Ruling calls it "a trans-Tasman tussle of extraordinary proportions"
An intellectual property dispute between Australian and New Zealand beekeeping societies has come to a momentary end with the Intellectual Property Office of New Zealand (IPONZ) ruling that NZ honey producers have no exclusive claim to manuka honey.
In 2015, a New Zealand society of manuka honey producers sought to register manuka honey as a certification product in the country for manuka honey as defined by New Zealand laws and produced in New Zealand. While the mark was accepted some time in 2018 in the name of the Manuka Honey Appellation Society, the Australian Manuka Honey Association immediately opposed the application.
“This case represents a trans-Tasman tussle of extraordinary proportions over trade mark rights for manuka honey,” Assistant Commissioner of Trade Marks Natasha Alley wrote in the 171-page decision. “It is one of the most complex and long-running proceedings to have come before the Intellectual Property Office of New Zealand.”
The IPONZ found that “manuka” was a descriptive term for the goods involved, honey, and thus not registrable under New Zealand’s Trade Marks Act 2002.
The Australian Manuka Honey Association welcomed the IPONZ’s judgment as a “sensible outcome”. The association explained that manuka honey was produced by bees which foraged nectar from varieties of the Leptospermum plant – commonly known as Manuka trees – 85 varieties of which were found in Australia.
“We are delighted with the judgment handed down by the [IPONZ], which confirms what we have been saying since New Zealand producers began this legal process nearly 8 years ago – our product has a long history of being recognised as Manuka honey, it is produced like the New Zealand product is, and it also offers the sought-after antimicrobial properties that consumers around the world value so highly,” Australian Manuka Honey Association chair Ben McKee said. “… This decision is a sensible outcome that ensures Aussie beekeepers can fairly market their produce. It also sees New Zealand following other precedent around the world that Manuka honey is a descriptive term.”
Jurisdictions which previously ruled that New Zealand did not have a monopoly over “authentic” manuka honey included Europe and the UK.

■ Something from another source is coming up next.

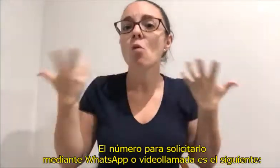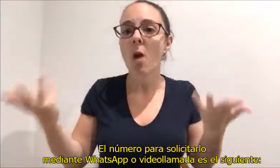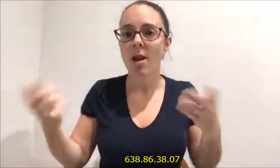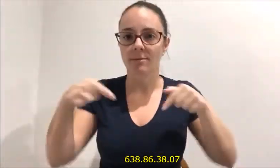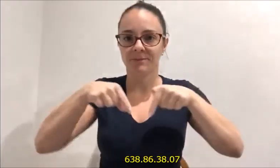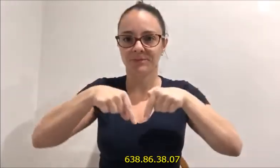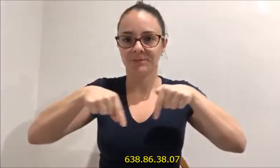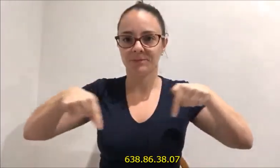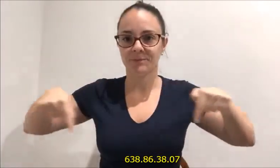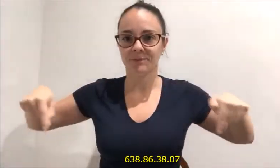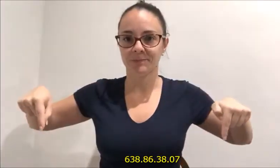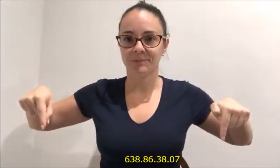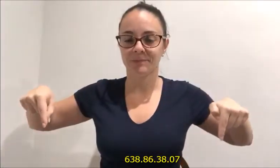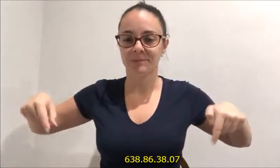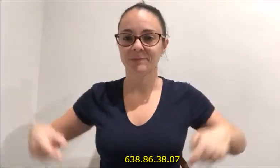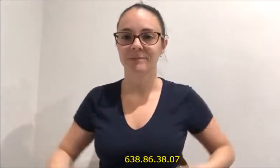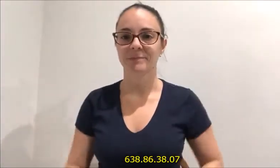o videollamada es el siguiente.

“This is positive news not just for Australian manuka producers, but also the broader industry – the thousands of people involved in producing, transporting, and selling manuka honey as a consumable and as an ingredient in an expanding range of pharmaceutical, health, and beauty products,” said McKee. “The fact that even authorities in New Zealand cannot find a way to support the trade mark claims of NZ producers should, we hope, bring this legal dispute to an end once and for all.”
The legal battle over manuka honey had grown more and more urgent as demand for the product picked up. McKee explained that, with new research regularly affirming the unique health benefits of manuka honey, demand for the product had grown from countries across the globe, including the U.S., Japan, China, and Germany.
McKee said that while the Manuka Honey Appellation Society (MHAS) had spearheaded the trade mark campaign, not all NZ manuka honey producers were out to exclude their Australian counterparts from manuka honey production. Many were still prepared to work more collaboratively with the Australian industry.
“The opportunities for Australian manuka honey are huge,” he finished. “Hopefully we can now focus on promoting this wonderful medicinal honey to the world rather than fighting over naming rights.”
The international manuka honey market is forecast to be worth more than $1.2 billion in annual trade by 2027.